The Pullman School Board unanimously approved a $37.7 million budget for the coming school year during its regular meeting Wednesday — up from $35.3 million last year.
District officials said the lion’s share of the sum will support employee compensation, and much of the increase in expenditures is related to operational costs of opening and staffing the all-new Kamiak Elementary School.
“Always, salaries and benefits are our biggest expenditure,” Pullman School District Finance Manager Diane Hodge said.
Largely because of the new school, Hodge said projected expenses are expected to exceed revenues over the coming four years, but this was anticipated and will be offset by reserves saved from year to year for specifically that purpose. She said in a typical year, the district is required to have a final general fund balance that is about 7 percent of the yearly expenditures. She said district officials have carried an ending balance considerably higher than 7 percent in anticipation of higher yearly expenditures related to Kamiak.
With help from these reserves, Hodge said the district should be able to sustain Kamiak until 2025, at which point it may ask voters to consider raising the amount of its maintenance and operations levy. She added that the district is always carefully conservative when estimating the tax burden of such levies.
“We always try to keep our tax rate level with the previous year,” Hodge said. “For example, when we went out for the $5.5 million maintenance and operations levy in 2016, we told the voters that would be about $3.17 (per $1,000 of assessed property value) — it’s $2.25 right now.”
Hodge said one abnormal item in the budget is a $500,000 transfer to the district’s transportation fund to support the purchase of five new school buses. She said the district was recently named as the recipient of a grant that provides around $35,000 for each roughly $135,000 bus purchased by the district.
“So it’s kind of like buy four, get one free,” she said.

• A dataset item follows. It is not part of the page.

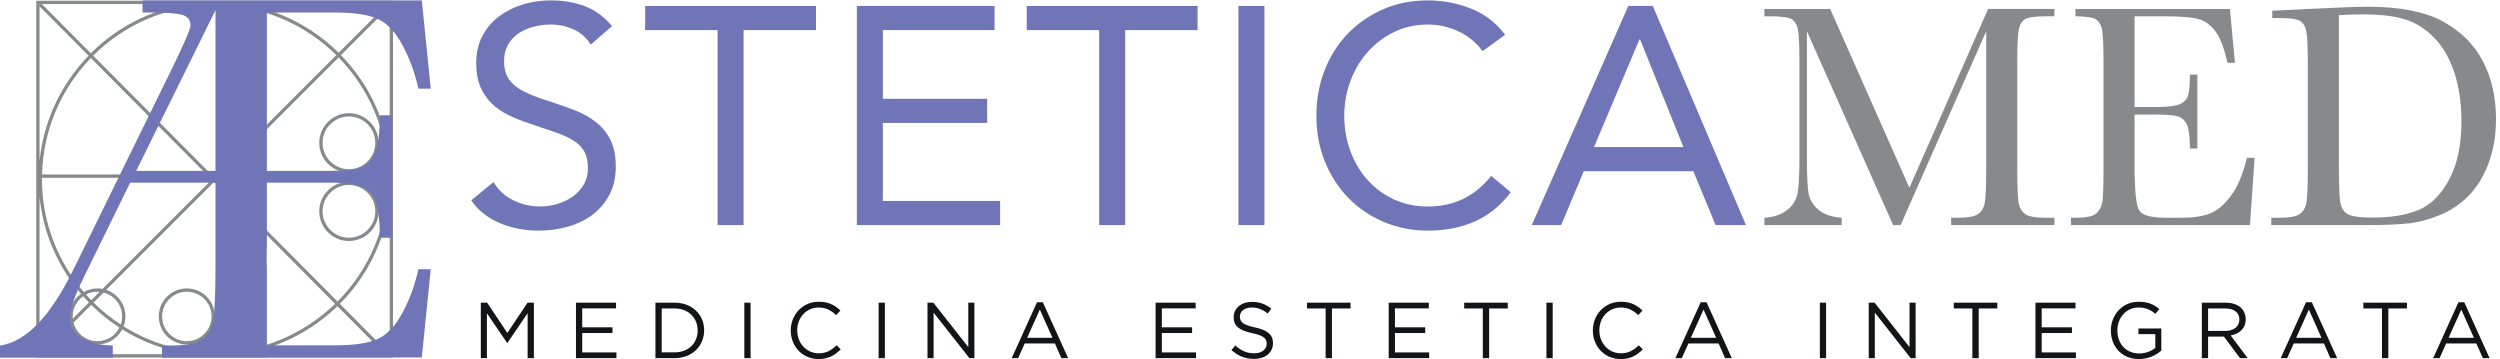 <?xml version="1.0" encoding="UTF-8" standalone="no"?><!DOCTYPE svg PUBLIC "-//W3C//DTD SVG 1.1//EN" "http://www.w3.org/Graphics/SVG/1.1/DTD/svg11.dtd"><svg width="100%" height="100%" viewBox="0 0 2930 421" version="1.1" xmlns="http://www.w3.org/2000/svg" xmlns:xlink="http://www.w3.org/1999/xlink" xml:space="preserve" xmlns:serif="http://www.serif.com/" style="fill-rule:evenodd;clip-rule:evenodd;stroke-linejoin:round;stroke-miterlimit:2;"><g><path d="M698.296,142.996c-7.134,-5.563 -15.359,-10.159 -24.663,-13.783c-9.312,-3.63 -18.921,-7.009 -28.837,-10.155c-10.154,-3.141 -18.742,-6.283 -25.75,-9.429c-7.013,-3.142 -12.575,-6.533 -16.683,-10.154c-4.113,-3.629 -7.075,-7.675 -8.884,-12.154c-1.817,-4.471 -2.721,-9.613 -2.721,-15.413c0,-7.496 1.567,-14.021 4.713,-19.587c3.142,-5.559 7.312,-10.029 12.512,-13.417c5.196,-3.387 11.063,-5.925 17.592,-7.621c6.529,-1.687 13.175,-2.537 19.95,-2.537c9.187,-0 18.008,1.879 26.475,5.621c8.463,3.754 15.233,9.737 20.312,17.954l25.025,-21.759c-9.429,-11.12 -20.129,-18.916 -32.099,-23.395c-11.967,-4.471 -25.209,-6.713 -39.713,-6.713c-11.371,0 -22.25,1.579 -32.642,4.717c-10.4,3.146 -19.712,7.796 -27.929,13.967c-8.225,6.162 -14.75,13.841 -19.587,23.029c-4.838,9.191 -7.25,19.945 -7.25,32.279c-0,10.641 1.629,19.767 4.891,27.383c3.267,7.617 7.738,14.146 13.421,19.583c5.679,5.442 12.388,10.038 20.129,13.784c7.738,3.754 16.196,7.075 25.388,9.975c11.366,3.871 21.279,7.254 29.741,10.154c8.463,2.904 15.476,6.167 21.038,9.792c5.558,3.629 9.671,7.925 12.333,12.879c2.659,4.958 3.988,11.425 3.988,19.404c-0,7.254 -1.692,13.662 -5.079,19.221c-3.388,5.567 -7.742,10.221 -13.055,13.966c-5.32,3.751 -11.308,6.588 -17.954,8.521c-6.654,1.942 -13.237,2.905 -19.766,2.905c-11.125,-0 -21.642,-2.417 -31.554,-7.255c-9.917,-4.837 -17.655,-11.97 -23.213,-21.4l-26.113,21.4c4.35,6.525 9.551,12.03 15.596,16.5c6.042,4.479 12.513,8.109 19.405,10.879c6.887,2.78 14.083,4.838 21.579,6.171c7.491,1.325 14.991,1.992 22.487,1.992c11.604,0 22.85,-1.513 33.729,-4.533c10.884,-3.021 20.492,-7.617 28.834,-13.784c8.341,-6.162 15.054,-13.962 20.129,-23.391c5.079,-9.43 7.621,-20.55 7.621,-33.367c-0,-12.571 -2.121,-23.033 -6.35,-31.375c-4.234,-8.342 -9.917,-15.292 -17.046,-20.854Z" style="fill:#7075b7;fill-rule:nonzero;"/><path d="M756.146,35.275l84.871,0l-0,228.496l30.466,-0l0,-228.496l84.871,0l0,-28.292l-200.208,0l-0,28.292Z" style="fill:#7075b7;fill-rule:nonzero;"/><path d="M1034.69,144.083l122.229,0l-0,-28.291l-122.229,-0l-0,-80.517l130.933,0l0,-28.292l-161.404,0l-0,256.788l167.929,-0l0,-28.292l-137.458,0l-0,-91.396Z" style="fill:#7075b7;fill-rule:nonzero;"/><path d="M1203.34,35.275l84.866,0l0,228.496l30.471,-0l0,-228.496l84.867,0l-0,-28.292l-200.204,0l-0,28.292Z" style="fill:#7075b7;fill-rule:nonzero;"/><rect x="1451.42" y="6.983" width="30.467" height="256.787" style="fill:#7075b7;fill-rule:nonzero;"/><path d="M1715.46,232.762c-12.329,6.167 -26.358,9.251 -42.07,9.251c-14.509,-0 -27.746,-2.78 -39.717,-8.342c-11.967,-5.563 -22.25,-13.117 -30.829,-22.671c-8.584,-9.55 -15.296,-20.792 -20.129,-33.729c-4.838,-12.933 -7.255,-26.9 -7.255,-41.892c0,-14.021 2.417,-27.504 7.255,-40.441c4.833,-12.93 11.608,-24.3 20.312,-34.096c8.704,-9.792 19.042,-17.588 31.013,-23.388c11.966,-5.804 25.079,-8.708 39.35,-8.708c12.329,-0 24.175,2.6 35.545,7.8c11.359,5.2 20.909,13 28.65,23.392l26.475,-19.221c-10.879,-14.263 -24.362,-24.542 -40.437,-30.829c-16.084,-6.288 -32.825,-9.434 -50.233,-9.434c-19.105,0 -36.634,3.513 -52.592,10.521c-15.958,7.013 -29.742,16.563 -41.346,28.65c-11.604,12.096 -20.617,26.362 -27.021,42.8c-6.412,16.446 -9.612,34.096 -9.612,52.954c-0,19.584 3.32,37.6 9.975,54.042c6.646,16.446 15.833,30.646 27.566,42.616c11.721,11.967 25.567,21.342 41.525,28.109c15.959,6.766 33.125,10.154 51.505,10.154c20.55,0 38.987,-3.625 55.312,-10.879c16.321,-7.254 30.283,-18.617 41.892,-34.096l-22.854,-19.221c-9.192,11.608 -19.946,20.492 -32.28,26.658Z" style="fill:#7075b7;fill-rule:nonzero;"/><path d="M1868.15,172.375l53.317,-126.217l0.725,0l50.775,126.217l-104.817,-0Zm68.912,-165.392l-28.654,0l-113.158,256.788l34.454,-0l26.475,-63.108l128.396,-0l26.113,63.108l35.545,-0l-109.171,-256.788Z" style="fill:#7075b7;fill-rule:nonzero;"/><path d="M2237.81,220.067l-92.825,-209.554l-77.137,-0l-0,8.591l6.912,0c12.821,0 21.134,1.121 24.934,3.358c3.796,2.242 6.283,6.292 7.47,12.142c1.184,5.854 1.775,18.863 1.775,39.033l0,110.196c0,20.921 -0.745,35.242 -2.241,42.959c-1.496,7.721 -5.633,14.225 -12.421,19.516c-6.787,5.296 -15.596,8.25 -26.429,8.871l-0,8.592l90.583,-0l0,-8.592c-11.704,-0.746 -20.8,-3.887 -27.266,-9.429c-6.476,-5.537 -10.338,-11.983 -11.58,-19.333c-1.245,-7.342 -1.866,-21.163 -1.866,-41.463l-0,-148.296l101.041,227.113l8.78,-0l100.295,-227.113l0,161.184c0,21.17 -0.591,34.646 -1.775,40.437c-1.187,5.788 -3.858,10.054 -8.029,12.792c-4.175,2.742 -11.616,4.108 -22.321,4.108l-8.966,0l-0,8.592l121.029,-0l-0,-8.592l-11.209,0c-11.454,0 -19.204,-1.492 -23.25,-4.479c-4.045,-2.992 -6.57,-7.567 -7.562,-13.729c-1,-6.163 -1.496,-19.204 -1.496,-39.129l0,-124.205c0,-21.041 0.65,-34.362 1.963,-39.966c1.304,-5.604 3.887,-9.433 7.75,-11.488c3.854,-2.054 12.012,-3.079 24.466,-3.079l9.338,0l-0,-8.591l-77.696,-0l-92.267,209.554Z" style="fill:#868a8c;fill-rule:nonzero;"/><path d="M2615,228.942c-7.783,10.641 -15.971,17.679 -24.558,21.104c-8.596,3.425 -19.555,5.133 -32.875,5.133l-18.863,0c-16.937,0 -27.333,-2.641 -31.192,-7.933c-3.862,-5.292 -5.791,-22.942 -5.791,-52.954l-0,-59.95l27.829,-0c10.833,-0 18.521,0.716 23.067,2.146c4.545,1.433 7.999,4.545 10.366,9.337c2.363,4.796 3.55,14.229 3.55,28.296l8.775,-0l0,-86.659l-8.775,0c0,12.45 -0.779,20.825 -2.337,25.117c-1.559,4.3 -4.792,7.504 -9.713,9.621c-4.921,2.117 -13.537,3.175 -25.866,3.175l-26.896,-0l-0,-106.271l35.112,0c17.684,0 30.504,0.963 38.475,2.896c7.971,1.929 14.85,6.6 20.638,14.004c5.791,7.408 10.679,19.954 14.666,37.633l8.775,0l-5.975,-63.124l-180.983,-0l-0,8.591c12.204,0 20.2,1.213 24,3.642c3.8,2.425 6.225,6.692 7.283,12.791c1.059,6.105 1.588,18.805 1.588,38.1l-0,124.205c-0,21.17 -0.496,34.337 -1.492,39.504c-1,5.166 -3.333,9.429 -7.004,12.792c-3.675,3.362 -11.8,5.041 -24.375,5.041l-5.229,0l-0,8.592l209.746,-0l5.412,-78.817l-8.962,0c-4.484,18.679 -10.617,33.338 -18.396,43.988Z" style="fill:#868a8c;fill-rule:nonzero;"/><path d="M2870.5,210.263c-9.521,17.741 -21.384,29.633 -35.579,35.67c-14.192,6.042 -32.309,9.059 -54.35,9.059c-15.067,-0 -24.934,-1.459 -29.604,-4.388c-4.667,-2.921 -7.471,-7.996 -8.405,-15.221c-0.933,-7.221 -1.4,-23.346 -1.4,-48.375l0,-169.212c9.713,-0.625 19.3,-0.934 28.763,-0.934c19.671,0 35.796,1.896 48.375,5.696c12.575,3.8 24.029,10.959 34.366,21.48c10.334,10.525 18.271,24.183 23.813,40.995c5.537,16.809 8.312,35.921 8.312,57.338c0,27.521 -4.762,50.146 -14.291,67.892Zm39.412,-138.584c-10.275,-19.612 -25.933,-35.146 -46.975,-46.6c-21.046,-11.454 -50.366,-17.183 -87.966,-17.183c-12.079,-0 -35.492,0.875 -70.225,2.617l-41.655,2.054l0,8.587l7.471,0c12.825,0 21.138,1.096 24.938,3.271c3.796,2.179 6.283,6.229 7.466,12.142c1.184,5.912 1.78,18.954 1.78,39.125l-0,122.15c-0,21.17 -0.596,34.646 -1.78,40.437c-1.183,5.788 -3.858,10.054 -8.029,12.792c-4.175,2.742 -11.675,4.108 -22.508,4.108l-10.458,0l-0,8.592l112.25,-0c21.041,-0 37.354,-0.654 48.933,-1.959c11.583,-1.308 23.812,-4.608 36.704,-9.9c12.883,-5.291 24.213,-13.008 33.992,-23.158c9.771,-10.15 17.458,-22.908 23.067,-38.287c5.6,-15.38 8.404,-32.342 8.404,-50.896c-0,-25.65 -5.138,-48.284 -15.409,-67.892Z" style="fill:#868a8c;fill-rule:nonzero;"/><path d="M594.608,390.204l-23.675,-35.466l-7.425,-0l0,64.987l7.15,-0l0,-52.546l23.671,34.725l0.371,0l23.671,-34.812l-0,52.633l7.337,-0l0,-64.987l-7.425,-0l-23.675,35.466Z" style="fill:#111517;fill-rule:nonzero;"/><path d="M682.367,390.296l35.458,-0l-0,-6.688l-35.458,0l-0,-22.187l39.633,-0l-0,-6.683l-46.971,-0l0,64.979l47.438,-0l-0,-6.68l-40.1,0l-0,-22.741Z" style="fill:#111517;fill-rule:nonzero;"/><path d="M817.642,387.417c-0,14.387 -10.488,25.525 -26.925,25.525l-15.221,-0l-0,-51.417l15.221,-0c16.437,-0 26.925,11.321 26.925,25.704l-0,0.188Zm-26.925,-32.675l-22.555,-0l0,64.975l22.555,-0c20.425,-0 34.541,-14.196 34.541,-32.488l0,-0.187c0,-18.284 -14.116,-32.3 -34.541,-32.3Z" style="fill:#111517;fill-rule:nonzero;"/><rect x="872.35" y="354.742" width="7.333" height="64.983" style="fill:#111517;fill-rule:nonzero;"/><path d="M959.529,414.063c-14.292,-0 -25.158,-11.796 -25.158,-26.83l-0,-0.191c-0,-14.938 10.771,-26.638 25.158,-26.638c8.821,0 14.946,3.717 20.421,8.904l5.017,-5.37c-6.496,-6.134 -13.554,-10.313 -25.342,-10.313c-19.121,0 -32.862,15.225 -32.862,33.608l-0,0.184c-0,18.654 13.833,33.416 32.583,33.416c11.791,0 19.212,-4.541 25.992,-11.416l-4.826,-4.734c-6.22,5.942 -12.07,9.379 -20.983,9.379Z" style="fill:#111517;fill-rule:nonzero;"/><rect x="1029.74" y="354.742" width="7.333" height="64.983" style="fill:#111517;fill-rule:nonzero;"/><path d="M1134.84,406.817l-40.941,-52.079l-6.867,-0l0,64.987l7.15,-0l0,-53.288l41.959,53.288l5.849,-0l0,-64.987l-7.15,-0l0,52.079Z" style="fill:#111517;fill-rule:nonzero;"/><path d="M1203.84,395.867l14.85,-33.05l14.762,33.05l-29.612,-0Zm11.512,-41.588l-29.617,65.438l7.517,-0l7.708,-17.167l35.367,-0l7.613,17.167l7.887,-0l-29.612,-65.438l-6.863,0Z" style="fill:#111517;fill-rule:nonzero;"/><path d="M1361.69,390.296l35.466,-0l0,-6.688l-35.466,0l-0,-22.187l39.637,-0l0,-6.683l-46.975,-0l0,64.979l47.442,-0l-0,-6.68l-40.104,0l-0,-22.741Z" style="fill:#111517;fill-rule:nonzero;"/><path d="M1470.79,383.7c-14.296,-3.058 -17.634,-6.496 -17.634,-12.621l0,-0.192c0,-5.845 5.375,-10.483 13.829,-10.483c6.684,0 12.717,2.138 18.755,7.054l4.27,-5.662c-6.591,-5.292 -13.374,-7.983 -22.837,-7.983c-12.346,-0 -21.35,7.52 -21.35,17.724l-0,0.196c-0,10.671 6.862,15.496 21.813,18.746c13.645,2.879 16.895,6.313 16.895,12.35l0,0.184c0,6.404 -5.75,11.05 -14.483,11.05c-9,-0 -15.504,-3.063 -22.279,-9.196l-4.546,5.383c7.8,6.962 16.246,10.4 26.546,10.4c12.904,0 22.192,-7.242 22.192,-18.383l-0,-0.175c-0,-9.942 -6.688,-15.238 -21.171,-18.392Z" style="fill:#111517;fill-rule:nonzero;"/><path d="M1531.81,361.525l21.812,-0l-0,58.192l7.425,-0l0,-58.192l21.812,-0l0,-6.783l-51.049,-0l-0,6.783Z" style="fill:#111517;fill-rule:nonzero;"/><path d="M1634.88,390.296l35.467,-0l-0,-6.688l-35.467,0l-0,-22.187l39.642,-0l-0,-6.683l-46.979,-0l-0,64.979l47.441,-0l0,-6.68l-40.104,0l-0,-22.741Z" style="fill:#111517;fill-rule:nonzero;"/><path d="M1716.04,361.525l21.813,-0l0,58.192l7.421,-0l-0,-58.192l21.821,-0l-0,-6.783l-51.055,-0l0,6.783Z" style="fill:#111517;fill-rule:nonzero;"/><rect x="1812.42" y="354.742" width="7.325" height="64.983" style="fill:#111517;fill-rule:nonzero;"/><path d="M1899.6,414.063c-14.291,-0 -25.162,-11.796 -25.162,-26.83l-0,-0.191c-0,-14.938 10.766,-26.638 25.162,-26.638c8.817,0 14.946,3.717 20.421,8.904l5.008,-5.37c-6.491,-6.134 -13.554,-10.313 -25.337,-10.313c-19.125,0 -32.863,15.225 -32.863,33.608l0,0.184c0,18.654 13.834,33.416 32.58,33.416c11.791,0 19.216,-4.541 25.991,-11.416l-4.825,-4.734c-6.217,5.942 -12.067,9.379 -20.975,9.379Z" style="fill:#111517;fill-rule:nonzero;"/><path d="M1981.69,395.867l14.858,-33.05l14.758,33.05l-29.616,-0Zm11.516,-41.588l-29.621,65.438l7.521,-0l7.709,-17.167l35.366,-0l7.621,17.167l7.879,-0l-29.608,-65.438l-6.867,0Z" style="fill:#111517;fill-rule:nonzero;"/><rect x="2132.87" y="354.742" width="7.333" height="64.983" style="fill:#111517;fill-rule:nonzero;"/><path d="M2237.96,406.817l-40.933,-52.079l-6.871,-0l0,64.987l7.146,-0l-0,-53.288l41.967,53.288l5.841,-0l0,-64.987l-7.15,-0l0,52.079Z" style="fill:#111517;fill-rule:nonzero;"/><path d="M2289.8,361.525l21.808,-0l0,58.192l7.429,-0l0,-58.192l21.817,-0l0,-6.783l-51.054,-0l-0,6.783Z" style="fill:#111517;fill-rule:nonzero;"/><path d="M2392.86,390.296l35.459,-0l-0,-6.688l-35.459,0l0,-22.187l39.638,-0l-0,-6.683l-46.971,-0l0,64.979l47.438,-0l-0,-6.68l-40.105,0l0,-22.741Z" style="fill:#111517;fill-rule:nonzero;"/><path d="M2506.25,391.592l19.775,-0l-0,16.154c-4.459,3.621 -11.329,6.5 -18.759,6.5c-15.779,-0 -25.708,-11.508 -25.708,-27.017l0,-0.187c0,-14.475 10.3,-26.638 24.692,-26.638c9.187,0 14.758,3.063 19.775,7.421l4.733,-5.567c-6.496,-5.475 -13.279,-8.625 -24.233,-8.625c-19.496,0 -32.584,15.771 -32.584,33.596l0,0.188c0,18.566 12.626,33.416 33.046,33.416c10.959,0 20.055,-4.541 26.092,-9.933l-0,-25.9l-26.829,-0l-0,6.592Z" style="fill:#111517;fill-rule:nonzero;"/><path d="M2587.88,387.883l0,-26.358l20.046,-0c10.492,-0 16.616,4.817 16.616,12.808l0,0.18c0,8.354 -6.958,13.37 -16.7,13.37l-19.962,0Zm44.096,-13.65l-0,-0.183c-0,-5.108 -1.859,-9.654 -5.017,-12.813c-4.083,-4.087 -10.487,-6.495 -18.471,-6.495l-27.946,-0l0,64.983l7.338,-0l0,-25.254l18.562,-0l18.846,25.254l9.009,-0l-19.963,-26.55c10.208,-1.863 17.642,-8.175 17.642,-18.942Z" style="fill:#111517;fill-rule:nonzero;"/><path d="M2691.13,395.867l14.854,-33.05l14.763,33.05l-29.617,-0Zm11.508,-41.588l-29.612,65.438l7.521,-0l7.708,-17.167l35.363,-0l7.608,17.167l7.896,-0l-29.613,-65.438l-6.871,0Z" style="fill:#111517;fill-rule:nonzero;"/><path d="M2769.87,361.525l21.817,-0l-0,58.192l7.429,-0l-0,-58.192l21.812,-0l0,-6.783l-51.058,-0l-0,6.783Z" style="fill:#111517;fill-rule:nonzero;"/><path d="M2869.78,395.867l14.854,-33.05l14.763,33.05l-29.617,-0Zm18.379,-41.588l-6.862,0l-29.617,65.438l7.517,-0l7.708,-17.167l35.367,-0l7.612,17.167l7.888,-0l-29.613,-65.438Z" style="fill:#111517;fill-rule:nonzero;"/><path d="M46.362,413.921l1.213,1.212l-1.213,0l0,-1.212Zm1.221,-409.159l-1.221,1.209l0,-1.209l1.221,0Zm409.15,1.217l-1.216,-1.217l1.216,0l0,1.217Zm-58.429,350.113c31.042,-31.254 52.188,-72.38 58.429,-118.205l0,176.988l-58.429,-58.783Zm-2.85,2.746l42.588,42.858l18.012,13.437l-175.417,0c44.292,-6.191 84.109,-26.516 114.817,-56.295Zm-281.291,44.874c12.641,0 23.612,-7.183 29.099,-17.67c23.905,14.904 51.034,25.033 80.084,29.091l-174.258,0l33.925,-33.92c4.345,13.054 16.654,22.499 31.15,22.499Zm-19.251,-59.391c-8.216,5.971 -13.591,15.633 -13.591,26.554c-0,2.046 0.212,4.046 0.571,5.992l-35.53,35.529l0,-181.533c4.376,43.066 21.959,82.241 48.55,113.458Zm-48.55,-155.871l0,-180.942l57.384,57.75c-31.525,32.613 -52.538,75.525 -57.384,123.192Zm60.084,-125.983l-57.363,-57.705l170.221,0c-43.667,6.996 -82.808,27.751 -112.858,57.705Zm290.458,-0.604c-29.971,-29.626 -68.862,-50.155 -112.229,-57.101l169.333,0l-57.104,57.101Zm2.717,2.745l57.112,-57.108l0,173.933c-6.154,-45.166 -26.8,-85.737 -57.112,-116.825Zm-275.121,275.117l126.388,-126.383l141.845,142.758c-36.504,35.379 -86.116,57.213 -140.741,57.213c-39.313,-0 -76.021,-11.325 -107.142,-30.846c1.375,-3.609 2.154,-7.509 2.154,-11.592c0,-14.496 -9.446,-26.808 -22.504,-31.15Zm-14.846,14.846l11.725,-11.725c12.492,3.221 21.763,14.55 21.763,28.029c-0,3.317 -0.588,6.483 -1.613,9.45c-11.475,-7.512 -22.162,-16.133 -31.875,-25.754Zm-2.733,2.733c10.066,9.967 21.158,18.883 33.075,26.629c-4.792,9.425 -14.559,15.913 -25.833,15.913c-13.484,-0 -24.813,-9.271 -28.03,-21.754l20.788,-20.788Zm7.242,-15.408c0.866,-0 1.72,0.058 2.566,0.137l-9.783,9.784c-2.104,-2.167 -4.163,-4.367 -6.171,-6.617c4.008,-2.1 8.562,-3.304 13.388,-3.304Zm-64.975,-133.529l196.754,-0l2.22,2.233l-128.008,128.004c-1.946,-0.358 -3.941,-0.567 -5.991,-0.567c-5.796,0 -11.242,1.521 -15.971,4.167c-30.525,-35.654 -49.034,-81.958 -49.034,-132.55c0,-0.429 0.03,-0.854 0.03,-1.287Zm192.916,-3.867l-192.816,0c1.32,-52.975 22.862,-100.967 57.183,-136.5l135.633,136.5Zm12.158,0l-6.637,0l-138.458,-139.292c36.687,-36.566 87.17,-59.2 142.825,-59.2c55.333,0 105.545,22.384 142.179,58.584l-139.909,139.908Zm142.625,-137.158c34.692,35.591 56.48,83.862 57.813,137.158l-194.971,0l137.158,-137.158Zm-311.704,303.533c0,-9.75 4.859,-18.367 12.259,-23.625c2.2,2.488 4.458,4.921 6.77,7.296l-18.895,18.9c-0.079,-0.854 -0.134,-1.704 -0.134,-2.571Zm369.646,-161.221c0,56.029 -22.658,106.842 -59.25,143.696l-141.925,-142.775l2.204,-2.208l198.938,-0c0.004,0.433 0.033,0.858 0.033,1.287Zm-412.333,209.342l418.096,-0l-0,-418.1l-418.096,-0l-0,418.1Z" style="fill:#868a8c;fill-rule:nonzero;"/><path d="M218.958,341.896c15.979,-0 28.98,13.004 28.98,28.983c-0,15.971 -13.001,28.967 -28.98,28.967c-15.975,-0 -28.975,-12.996 -28.975,-28.967c0,-15.979 13,-28.983 28.975,-28.983Zm0,61.816c18.117,0 32.846,-14.729 32.846,-32.833c0,-18.116 -14.729,-32.85 -32.846,-32.85c-18.112,0 -32.846,14.734 -32.846,32.85c0,18.104 14.734,32.833 32.846,32.833Z" style="fill:#868a8c;fill-rule:nonzero;"/><path d="M408.946,216.787c17.041,0 30.904,13.859 30.904,30.9c0,17.042 -13.863,30.901 -30.904,30.901c-17.042,-0 -30.904,-13.859 -30.904,-30.901c-0,-17.041 13.862,-30.9 30.904,-30.9Zm-0,65.667c19.171,0 34.771,-15.596 34.771,-34.767c-0,-19.166 -15.6,-34.77 -34.771,-34.77c-19.167,-0 -34.771,15.604 -34.771,34.77c0,19.171 15.604,34.767 34.771,34.767Z" style="fill:#868a8c;fill-rule:nonzero;"/><path d="M408.946,136.504c17.041,0 30.904,13.858 30.904,30.904c0,17.042 -13.863,30.9 -30.904,30.9c-17.042,0 -30.904,-13.858 -30.904,-30.9c-0,-17.046 13.862,-30.904 30.904,-30.904Zm-0,65.671c19.171,-0 34.771,-15.596 34.771,-34.767c-0,-19.166 -15.6,-34.77 -34.771,-34.77c-19.167,-0 -34.771,15.604 -34.771,34.77c0,19.171 15.604,34.767 34.771,34.767Z" style="fill:#868a8c;fill-rule:nonzero;"/><path d="M252.571,200.229l-92.934,0l92.934,-188.354l-0,188.354Zm220.004,164.688c-8.125,15.637 -17.596,26.191 -28.408,31.65c-10.796,5.45 -28.246,8.175 -52.338,8.175l-79.05,-0l0,-93.838l-0.241,0l-0,-20.971l0.241,0l0,-75.808l77.458,-0c23.055,-0 37.988,4.117 44.78,12.35c6.787,8.238 10.187,25.625 10.187,52.179l14.204,0l0,-143.579l-14.204,-0c0,19.146 -1.696,33.246 -5.1,42.308c-3.387,9.059 -8.542,15.129 -15.437,18.213c-6.892,3.092 -18.788,4.633 -35.663,4.633l-76.225,0l0,-185.575l79.05,0c24.092,0 41.542,2.738 52.338,8.184c10.812,5.458 20.283,16.008 28.408,31.654c8.133,15.646 14.058,32.108 17.758,49.4l14.521,-0l-10.504,-103.438l-327.308,0l-0,14.2l9.575,0c19.562,0 32.212,1.038 37.983,3.088c5.763,2.062 8.646,6.075 8.646,12.046c-0,3.912 -6.492,19.249 -19.454,46.004l-117.034,238.683c-27.375,56.196 -56.291,86.354 -86.758,90.471l0,14.2l132.154,-0l0,-14.2c-33.346,-0.821 -50.021,-12.246 -50.021,-34.275c0,-8.642 5.555,-24.288 16.675,-46.933l53.73,-109.613l100.033,-0l-0,96.025c-0,35 -0.975,57.283 -2.925,66.85c-1.959,9.575 -6.388,16.629 -13.283,21.154c-6.892,4.529 -19.3,6.792 -37.209,6.792l-9.254,-0l0,14.2l122.638,-0l-0,-0.2l181.812,-0l10.504,-103.438l-14.521,0c-3.7,17.292 -9.625,33.763 -17.758,49.409Z" style="fill:#7075b7;fill-rule:nonzero;"/></g></svg>

Hodge said a bump in enrollment would certainly help the district’s budgetary position, as the amount of money awarded by the state each year is tied directly to the number of full-time equivalent students, but it’s not something she’s banking on. She said the district has seen dramatic enrollment growth in the last 10 years, but that has begun to taper off — last year’s enrollment numbers were lower than the previous year’s for the first time in a decade. While she doesn’t expect these numbers to drop further, Hodge said she is predicting flat enrollment for the next four years. This means that even a modest boost in enrollment could mean extra money for the district.
“I’m keeping them steady because this is our first drop in over 10 years — I’m just assuming that we’re starting to flatten out,” Hodge said. “When we open a new school, we tend to get more students — that’s what we’re hoping — but again, I’m just going with the flattened enrollment.”